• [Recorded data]
────────────────────────────────────────

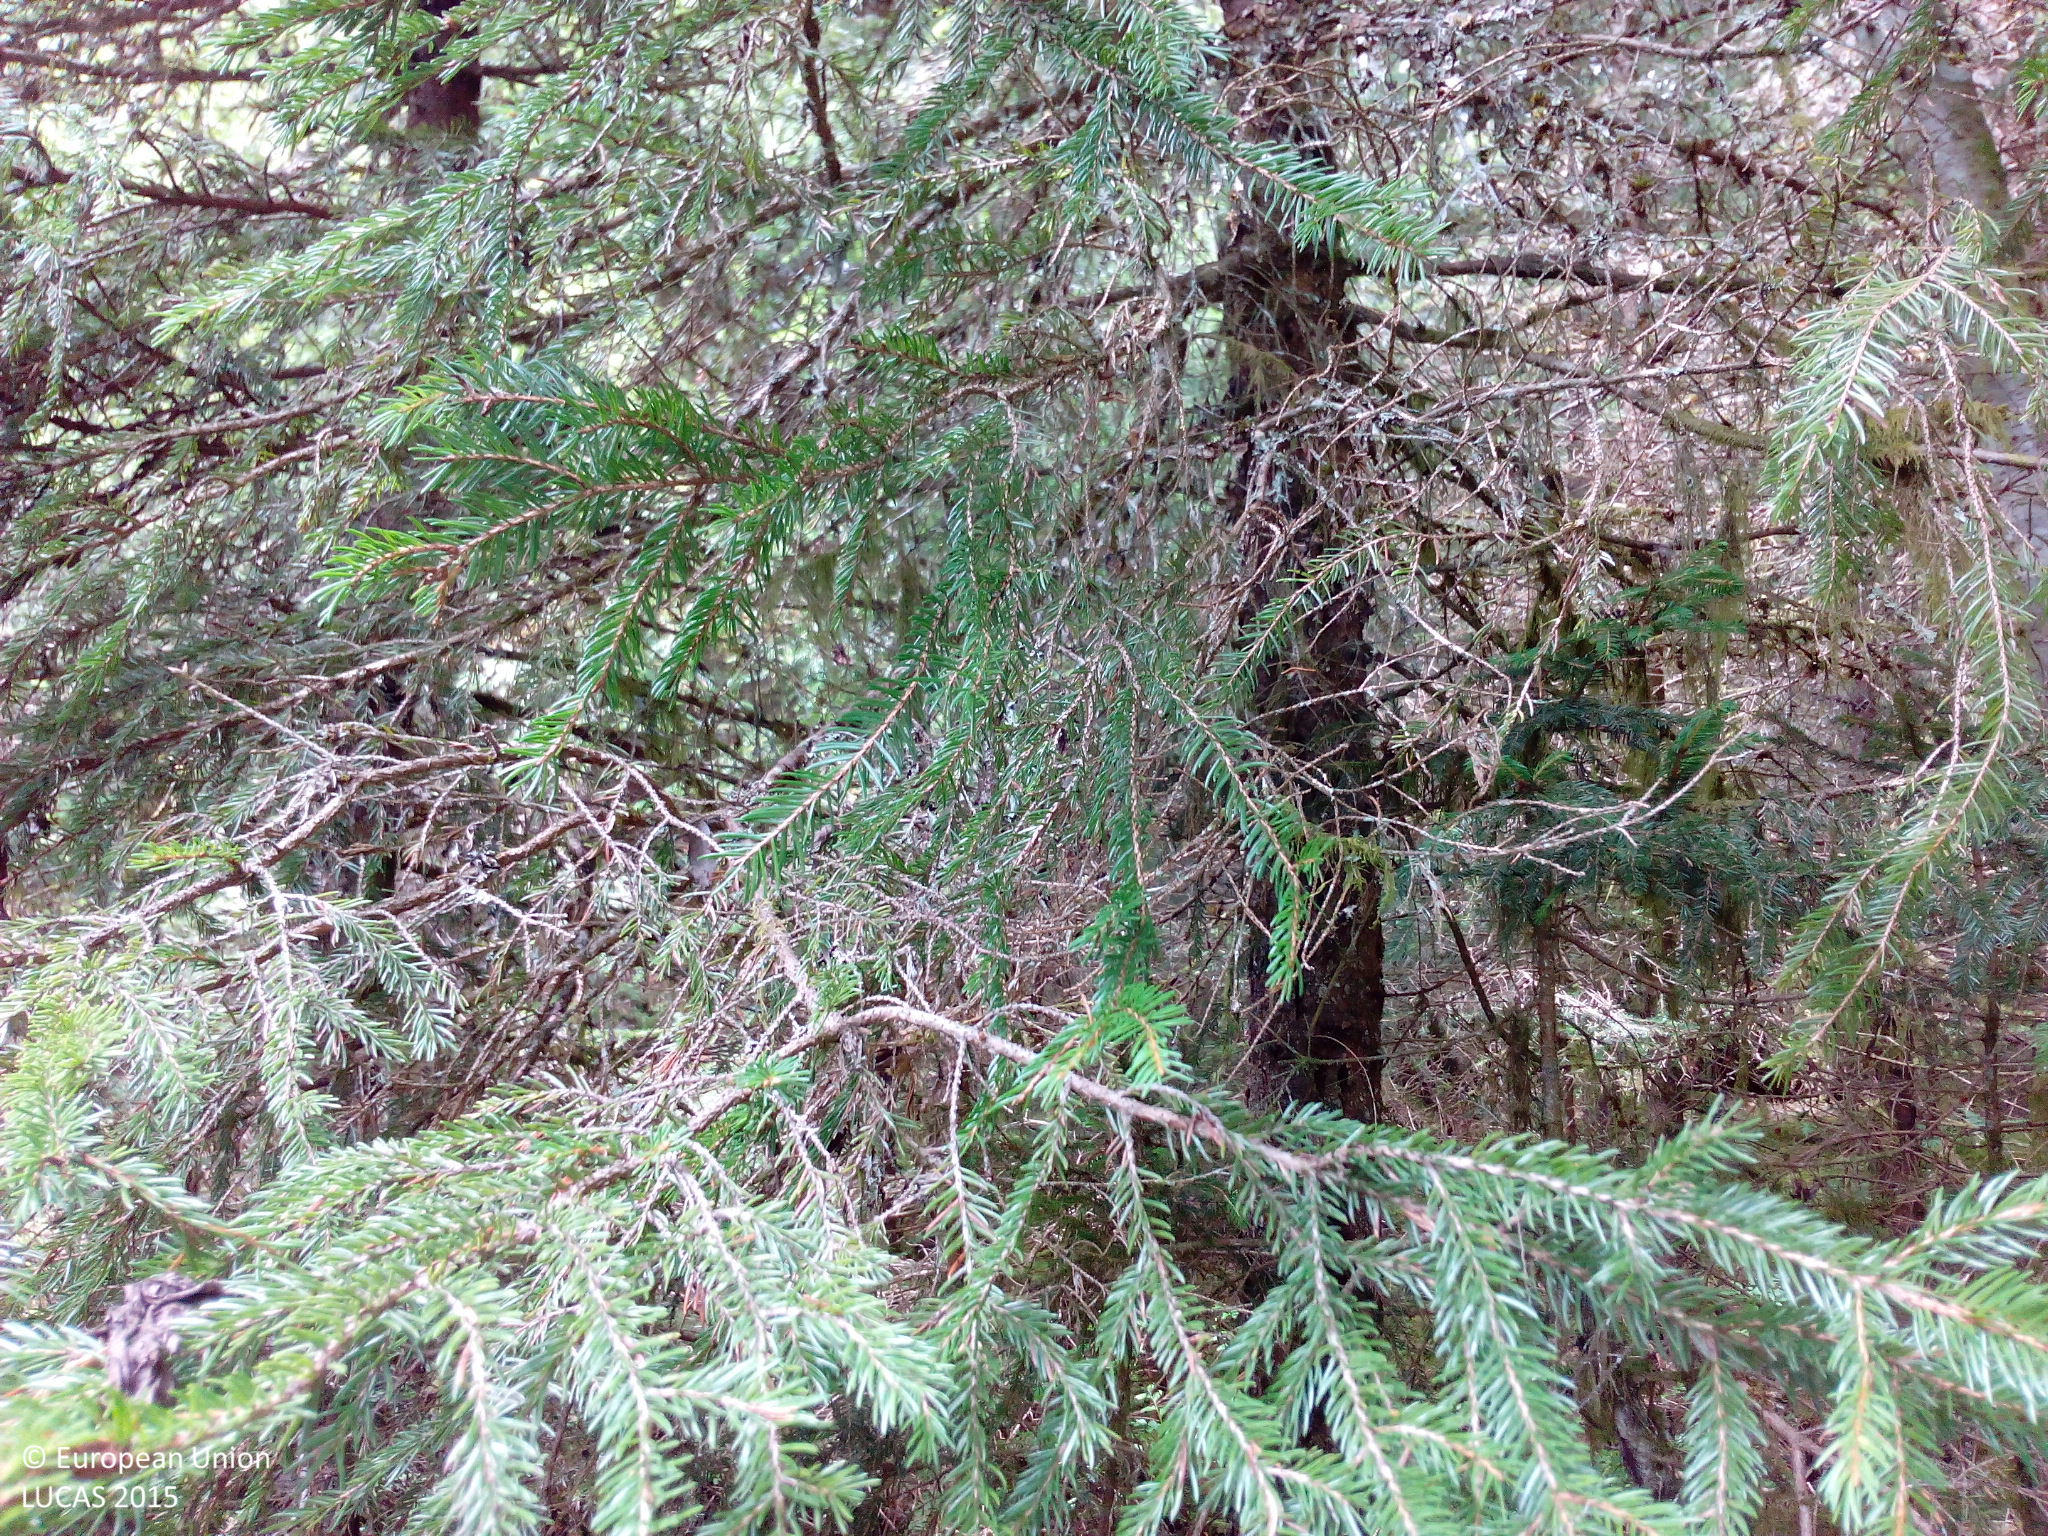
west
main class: Woodland
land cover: Spruce dominated coniferous woodland
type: hemiboreal forest and nemoral coniferous forest and mixed broadleaved-coniferous forest
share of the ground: > 75 %
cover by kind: coniferous forest trees 80 %, shrubs 10 %, lichens and mosses 10 %
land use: Semi-natural and natural areas not in use
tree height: > 5 m
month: August
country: DE
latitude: 47.7768
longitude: 8.1996

────────────────────────────────────────

• [Task requirements] Copy the records above exactly, starting at the line that contains "share of the ground: > 75 %" and ending at the last line, and leave out all earlier lines.

• [Task result]
share of the ground: > 75 %
cover by kind: coniferous forest trees 80 %, shrubs 10 %, lichens and mosses 10 %
land use: Semi-natural and natural areas not in use
tree height: > 5 m
month: August
country: DE
latitude: 47.7768
longitude: 8.1996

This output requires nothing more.